EmphyCorp’s N115 Completes Phase 3 Trial for FDA Marketing Application in PF Patients
N115, EmphyCorp‘s investigational non-steroidal nasal spray for the treatment of interstitial lung diseases (ILDs), has completed a Phase 3 clinical trial requested by the U.S. Food and Drug Administration (FDA) for its new drug application (NDA) in patients with pulmonary fibrosis (PF).
Key findings from the Phase 3 trial, together with data from previous clinical trials assessing the effects of N115 in patients with other ILDs, showed that:
- Measures of lung function, including forced expiratory volume in one second (FEV-1), forced vital capacity (FVC), oxygen levels, and nitric oxide levels (a gas that induces the relaxation and widening of lung airways) all significantly improved in patients with idiopathic pulmonary fibrosis (IPF) treated with N115 in combination with their routine medications (steroids).
- The FEV1/FVC ratio (the proportion of the total amount of air a patient is able to exhale after taking a deep breath in one second) of IPF patients increased from an initial 52% to 86% after treatment with N115.

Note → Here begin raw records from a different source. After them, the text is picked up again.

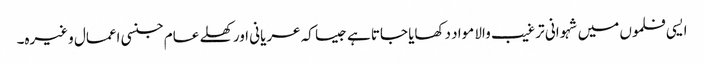
ایسی فلموں میں شہوانی ترغیب والا مواد دکھایا جاتا ہے جیسا کہ عریانی اور کھلے عام جنسی اعمال وغیرہ۔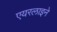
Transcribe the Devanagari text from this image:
एयरलाइने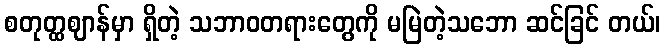
စတုတ္ထဈာန်မှာ ရှိတဲ့ သဘာဝတရားတွေကို မမြဲတဲ့သဘော ဆင်ခြင် တယ်၊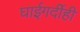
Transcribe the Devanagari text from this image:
घाईगर्दीही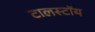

- In patients with IPF, PF, and chronic obstructive pulmonary disease (COPD), treatment with N115 reduced coughing, nasal irritation/redness, inflammation, and congestion; most patients stopped experiencing irritation within 22 days.
- When IPF patients stopped taking their routine medications and only received N115, they had the same kind of improvements in lung function measures, suggesting that N115 is the main driver of clinical improvements, and that the use of steroids may potentially be reduced.
“The most important conclusion we see from this Phase 3 clinical trial is that our non-steroidal nasal spray for pulmonary fibrosis with no known side effects has greatly improved patient quality of life by allowing these patients to breathe through the nose, sleep better, reduce inflammation and congestion, increase nitric oxide for improved bronchial dilation and help prevent infections, improve vital breathing ratios, reduce coughing, increase oxygen levels from below normal to normal,” Alain Martin, PhD, CEO of EmphyCorp, said in a press release.
“We are not surprised at the results, since our patented non-steroidal nasal spray has been used by over 2 million patients in Chinese hospitals over the past 3 years that includes ‘unmet needs’ patients (children, pregnant women, diabetics, hypertensive), and others with chronic breathing conditions,” Martin added.
N115 is part of the company’s global patented Rx technology, which also includes nasal non-steroidal sprays for COPD, Alzheimer’s disease, cancer pre-treatment, and an oral non-steroidal spray for quitting smoking.
EmphyCorp holds the global rights to its patented Rx technology, and is currently pushing its proprietary non-steroidal Rx technology with no known side effects into the market of chronic lung diseases.
“Our goal is to get our portfolio of non-steroidal nasal sprays into the market as quickly as possible to help provide immediate improvement in quality of life for millions of patients suffering from chronic breathing diseases,” said Robert Millar, president and director of EmphyCorp.
The company is planning to enter into sub-license agreements and/or joint ventures with drug manufacturers and other pharmaceutical companies operating in the market of respiratory diseases in the U.S. and other countries to expand its market reach.